Chef has a coin with 1 printed on one side and 2 printed on the other. Chef wants to determine how many different ways he can achieve a sum of S by flipping the coin any number of times.

Approach:

This problem can be approached using dynamic programming or recursion, where the goal is to find all possible sequences of coin flips that sum up to S. The recursive nature of the problem can be observed by noting that if we know the number of ways to achieve a sum S-1 and S-2, we can easily compute the number of ways to achieve S.

Recursive Approach:

1. Base Cases:

   • If S < 0, there is no valid sequence of flips that can sum to S, so we return 0.
   • If S == 0, there is exactly one way to achieve the sum 0—by not flipping the coin at all. So, we return 1.

2. Recursive Case:

   • To achieve a sum S, the last coin flip must either be 1 or 2.
   • If the last flip is 1, the problem reduces to finding the number of ways to achieve a sum of S-1.
   • If the last flip is 2, the problem reduces to finding the number of ways to achieve a sum of S-2.
   • Therefore, the total number of ways to achieve S is the sum of the ways to achieve S-1 and S-2.

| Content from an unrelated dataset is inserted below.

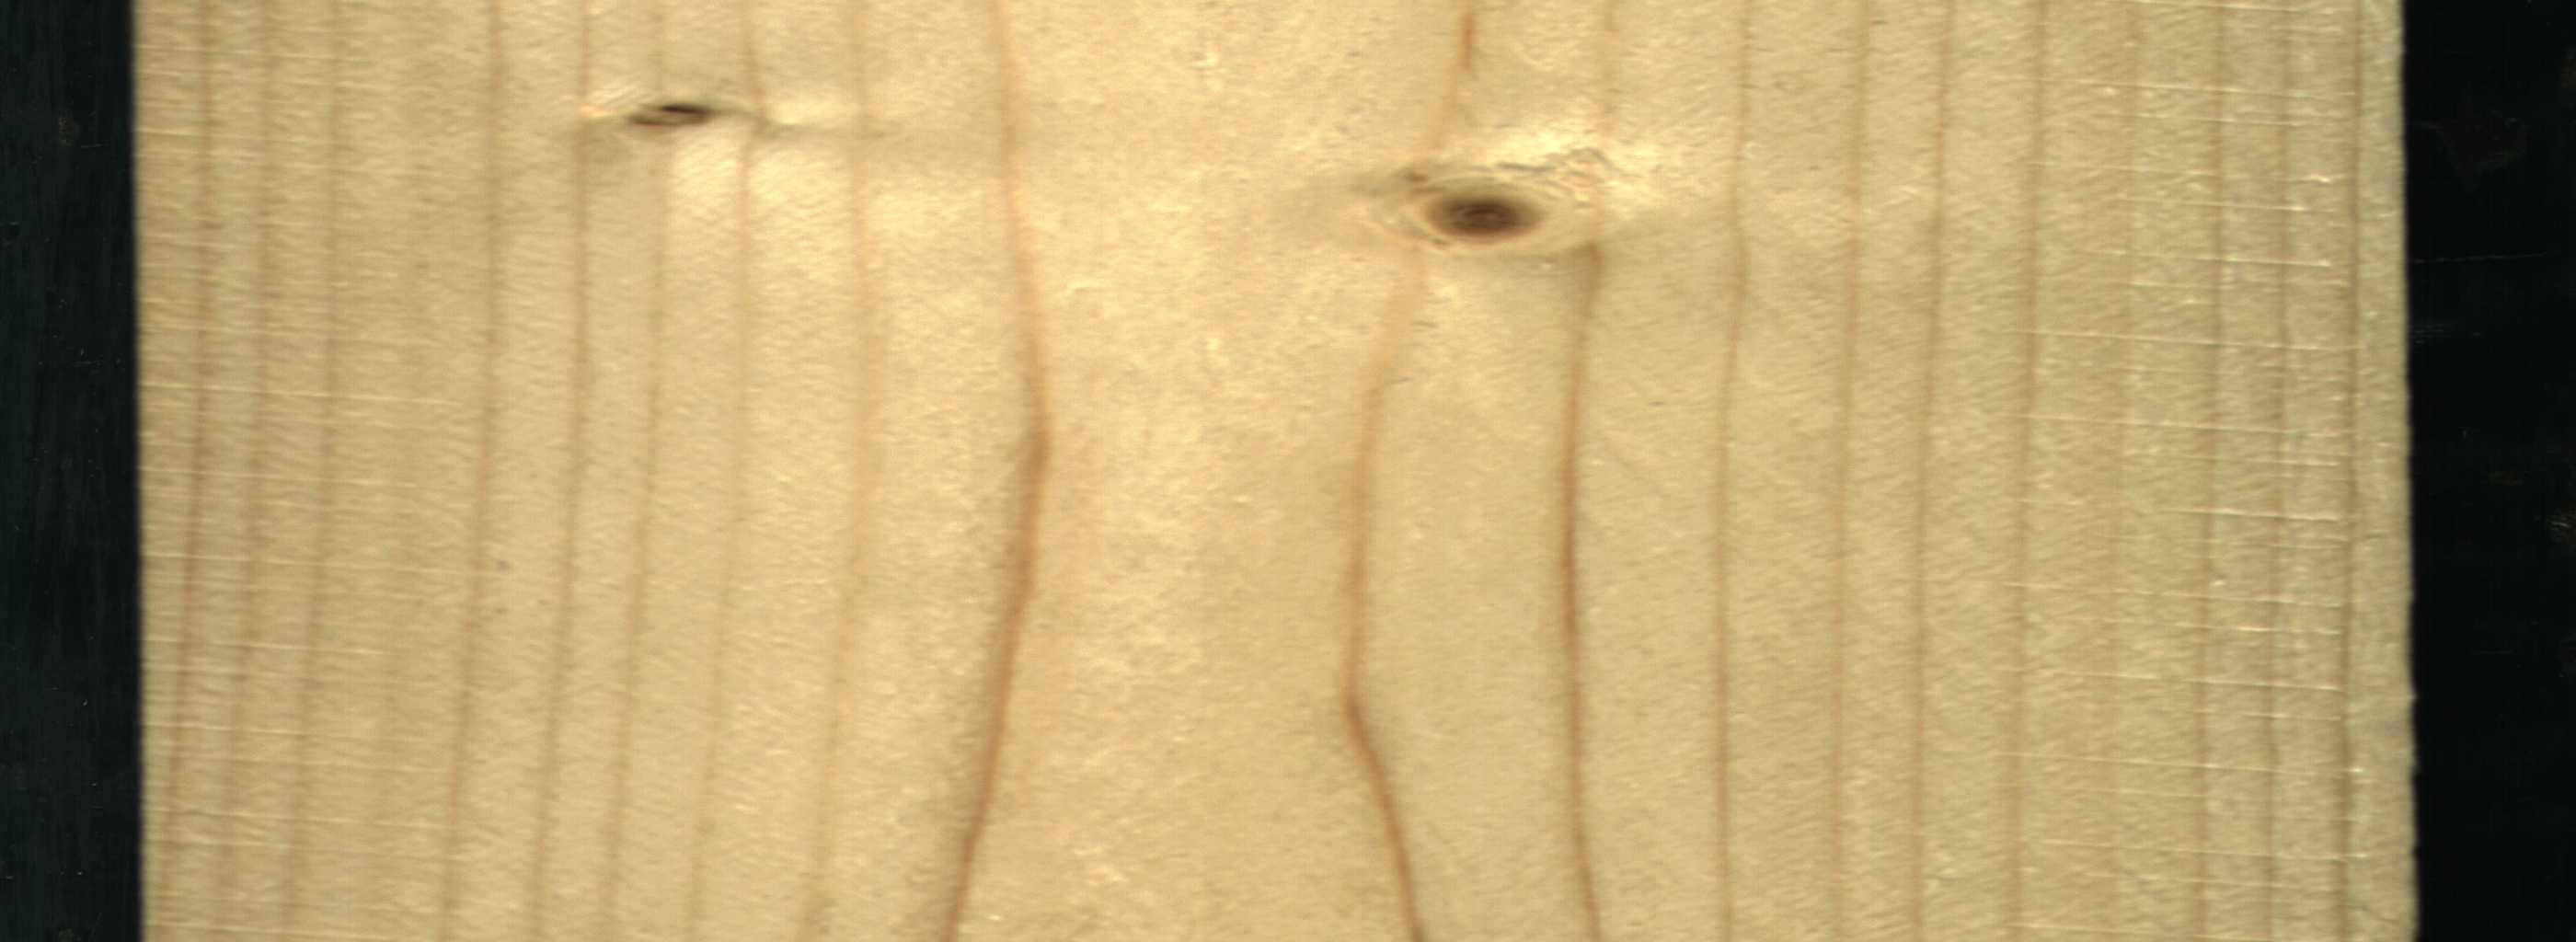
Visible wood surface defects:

Note : For the given constraint, recursive approach is enough to pass the tests.

Complexity:

• Time Complexity: The time complexity of this recursive solution is O(2^S), which is exponential. This is because each call to countWays(S) makes two additional calls to smaller subproblems. While simple, this approach can be highly inefficient for large values of S.

Space Complexity:

• Space Complexity: The space complexity is O(S) due to the depth of the recursive call stack.

Optimization with Dynamic Programming:

To optimize the solution, we can use dynamic programming to avoid redundant calculations by storing the results of subproblems:

#include<bits/stdc++.h>
using namespace std;

// Memoization table to store results of subproblems
unordered_map<int, int> dp;

int countWays(int S) {
    // Base cases
    if (S < 0) return 0;  // No way to achieve a negative sum
    if (S == 0) return 1; // One way to achieve sum 0 (by not flipping any coins)

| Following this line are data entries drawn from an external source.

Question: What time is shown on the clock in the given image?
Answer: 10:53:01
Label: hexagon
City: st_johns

    // Check if the result is already in the memoization table
    if (dp.find(S) != dp.end()) return dp[S];

    // Recursively calculate the number of ways to achieve sum S
    dp[S] = countWays(S - 1) + countWays(S - 2);

    return dp[S];
}

int main() {
    int S;
    cin >> S;
    cout << countWays(S) << endl; // Output the result
    return 0;
}

• This top-down approach with memoization is much more efficient than a naive recursive solution. It ensures that each subproblem is solved only once, reducing the time complexity to O(S).